- Activity -
Find every line in the records below that holds the word "http" and copy it.

- Records to process -

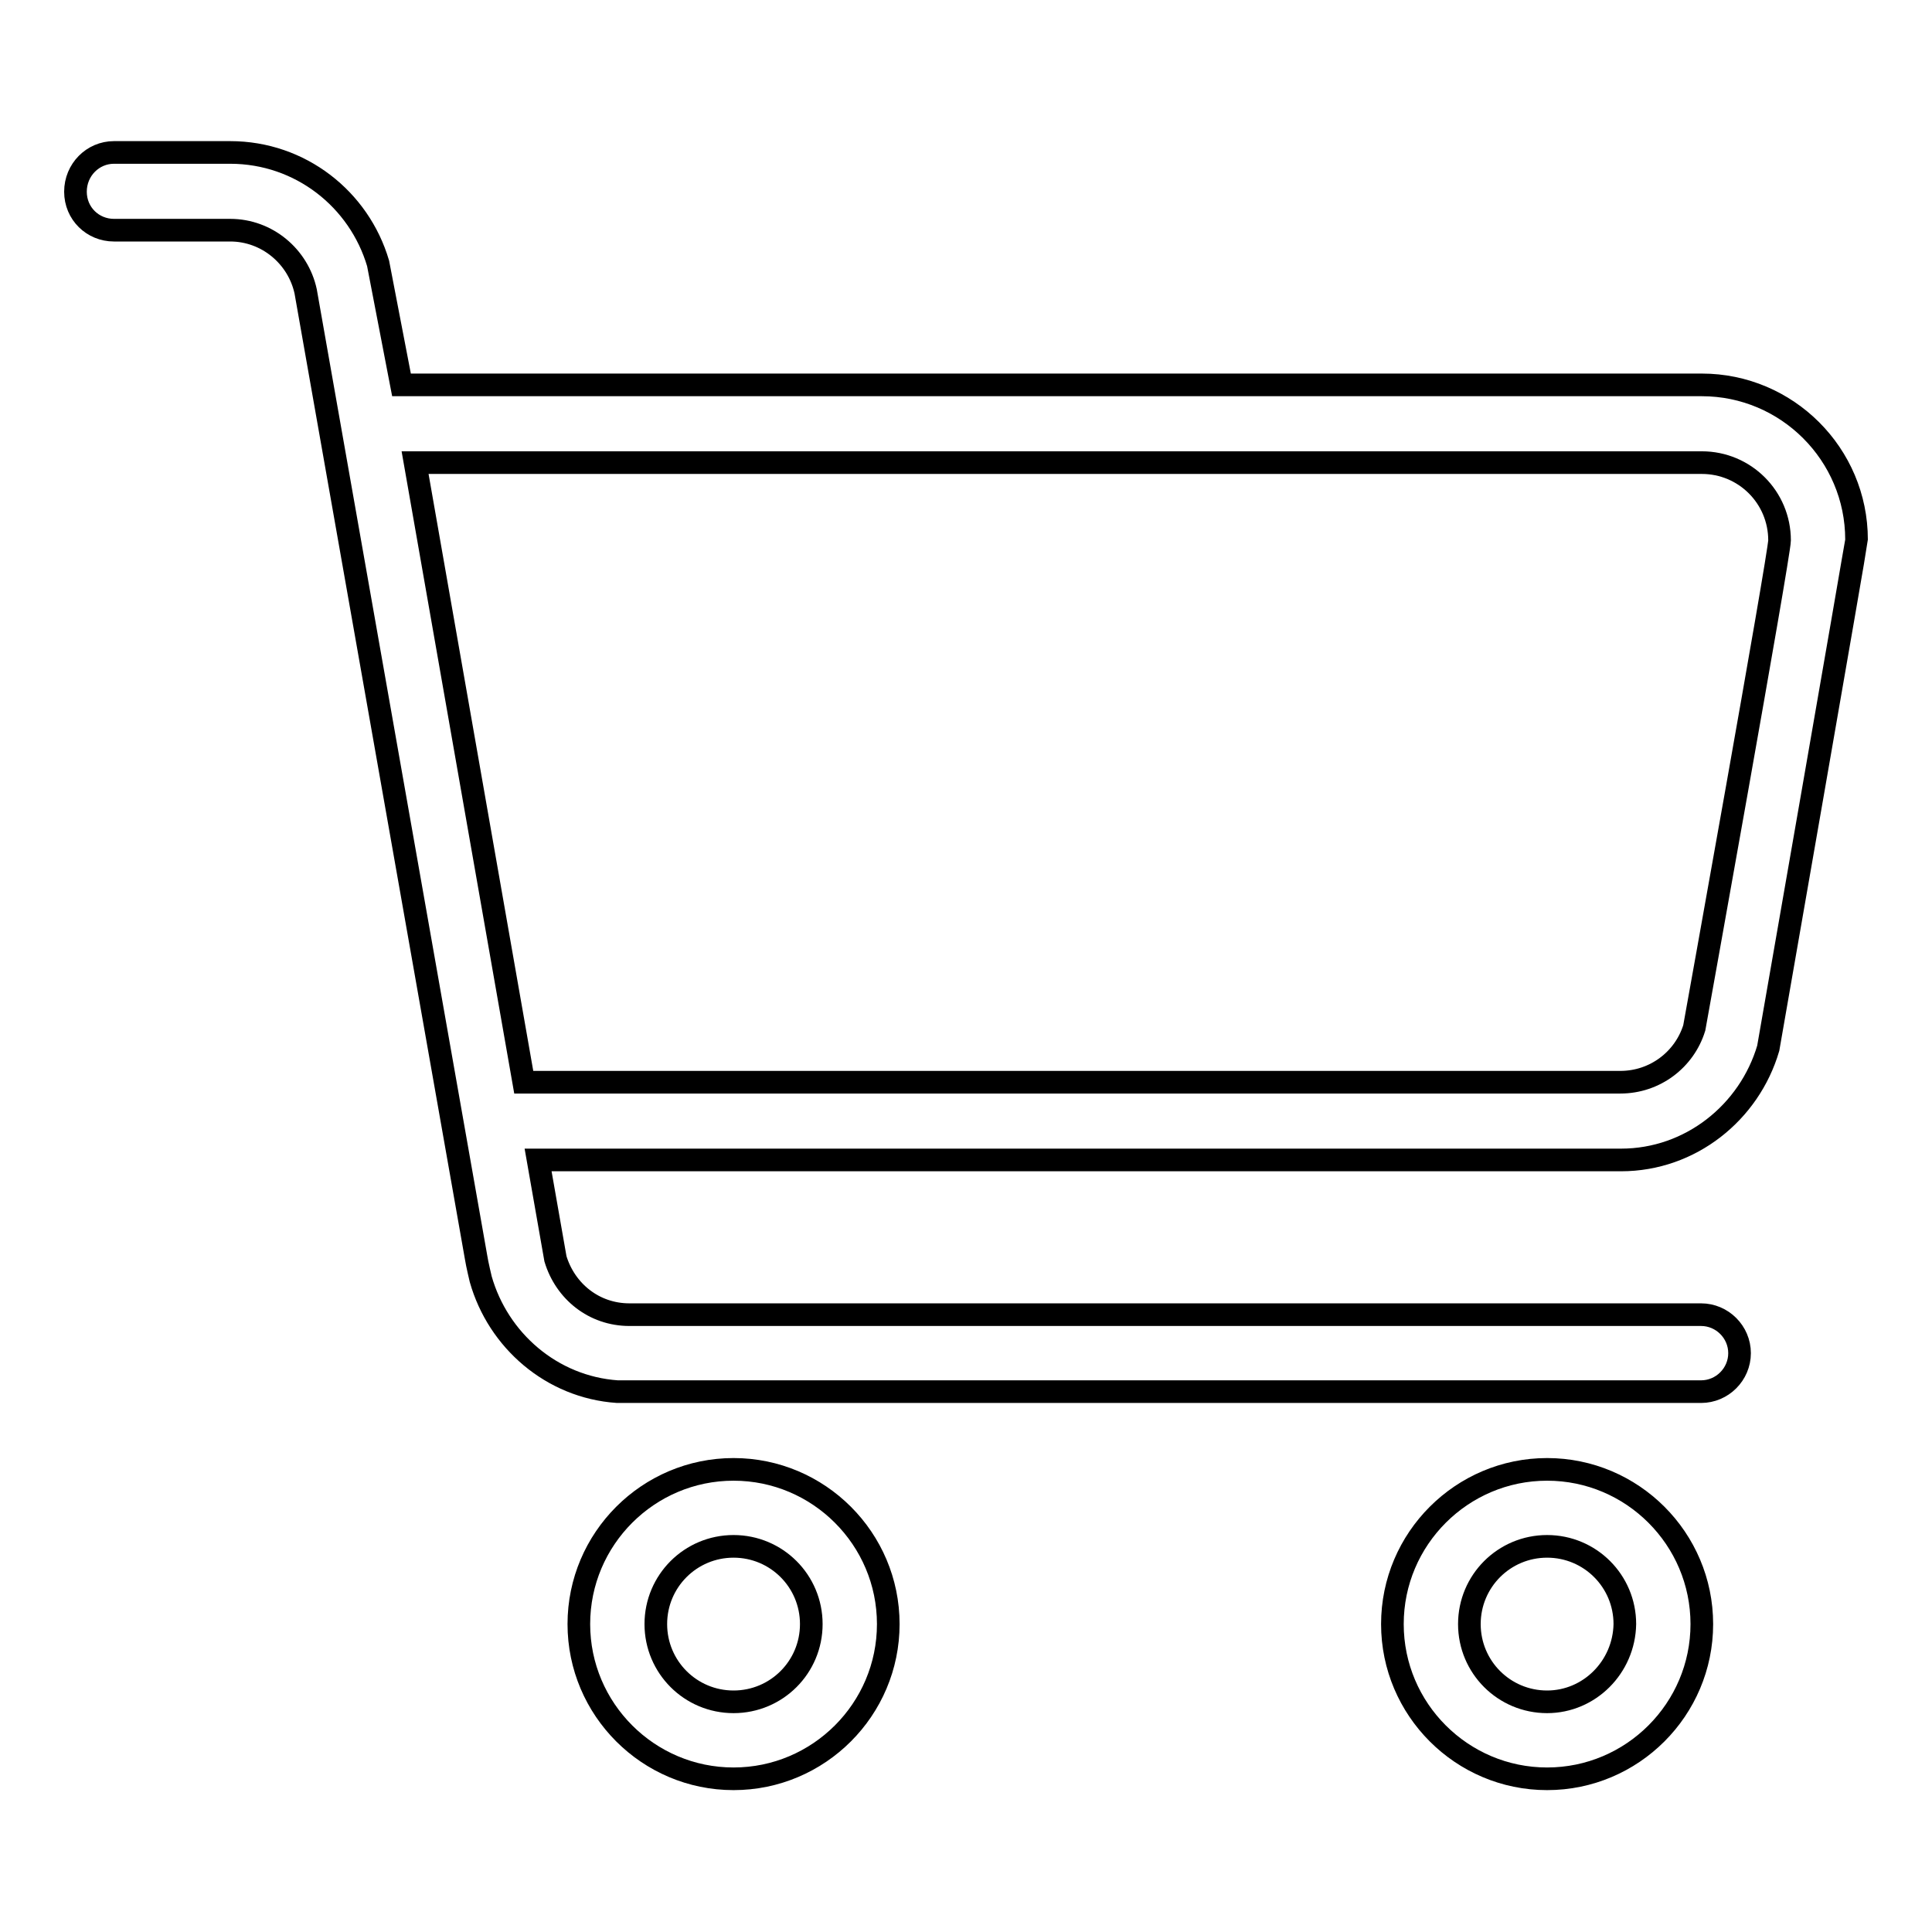 <?xml version="1.0" encoding="utf-8"?>
<!-- Svg Vector Icons : http://www.onlinewebfonts.com/icon -->
<!DOCTYPE svg PUBLIC "-//W3C//DTD SVG 1.1//EN" "http://www.w3.org/Graphics/SVG/1.1/DTD/svg11.dtd">
<svg version="1.1" xmlns="http://www.w3.org/2000/svg" xmlns:xlink="http://www.w3.org/1999/xlink" x="0px" y="0px" viewBox="0 0 256 256" enable-background="new 0 0 256 256" xml:space="preserve">
<g><g><path stroke-width="3" fill-opacity="0" stroke="#000000"  d="M205,194.7c-11.3,0-20.5,9.2-20.5,20.5c0,11.3,9.2,20.5,20.5,20.5c11.3,0,20.5-9.2,20.5-20.5C225.5,203.9,216.3,194.7,205,194.7z M205,225.5c-5.7,0-10.3-4.6-10.3-10.3c0-5.7,4.6-10.3,10.3-10.3c5.7,0,10.3,4.6,10.3,10.3C215.2,220.9,210.6,225.5,205,225.5z M97.2,194.7c-11.3,0-20.5,9.2-20.5,20.5c0,11.3,9.2,20.5,20.5,20.5c11.3,0,20.5-9.2,20.5-20.5C117.7,203.9,108.5,194.7,97.2,194.7z M97.2,225.5c-5.7,0-10.3-4.6-10.3-10.3c0-5.7,4.6-10.3,10.3-10.3s10.3,4.6,10.3,10.3C107.5,220.9,102.9,225.5,97.2,225.5z M234.3,138.9c0,0,11.7-67,11.7-67.4c0-11.3-9.2-20.5-20.5-20.5H53.2l-3.1-16.1c-2.5-8.5-10.3-14.7-19.6-14.7H15.1c-2.8,0-5.1,2.3-5.1,5.2s2.3,5.1,5.1,5.1h15.4c4.9,0,9,3.5,10,8.1l22.6,128.1c0.1,0.7,0.6,2.8,0.6,2.8c2.3,8.1,9.4,14.3,18.1,14.9h143.6c2.8,0,5.1-2.3,5.1-5.1c0-2.8-2.3-5.1-5.1-5.1H83.4c-4.7,0-8.5-3.1-9.8-7.4l-2.3-13.1h143.5C224,153.7,231.8,147.4,234.3,138.9z M69.4,143.4L55,61.3h170.5c5.7,0,10.3,4.6,10.3,10.3c0,1.9-11.3,64.6-11.3,64.6c-1.3,4.2-5.2,7.2-9.8,7.2L69.4,143.4L69.4,143.4z"/></g></g>
</svg>

- Exercise response -
<!-- Svg Vector Icons : http://www.onlinewebfonts.com/icon -->
<!DOCTYPE svg PUBLIC "-//W3C//DTD SVG 1.1//EN" "http://www.w3.org/Graphics/SVG/1.1/DTD/svg11.dtd">
<svg version="1.1" xmlns="http://www.w3.org/2000/svg" xmlns:xlink="http://www.w3.org/1999/xlink" x="0px" y="0px" viewBox="0 0 256 256" enable-background="new 0 0 256 256" xml:space="preserve">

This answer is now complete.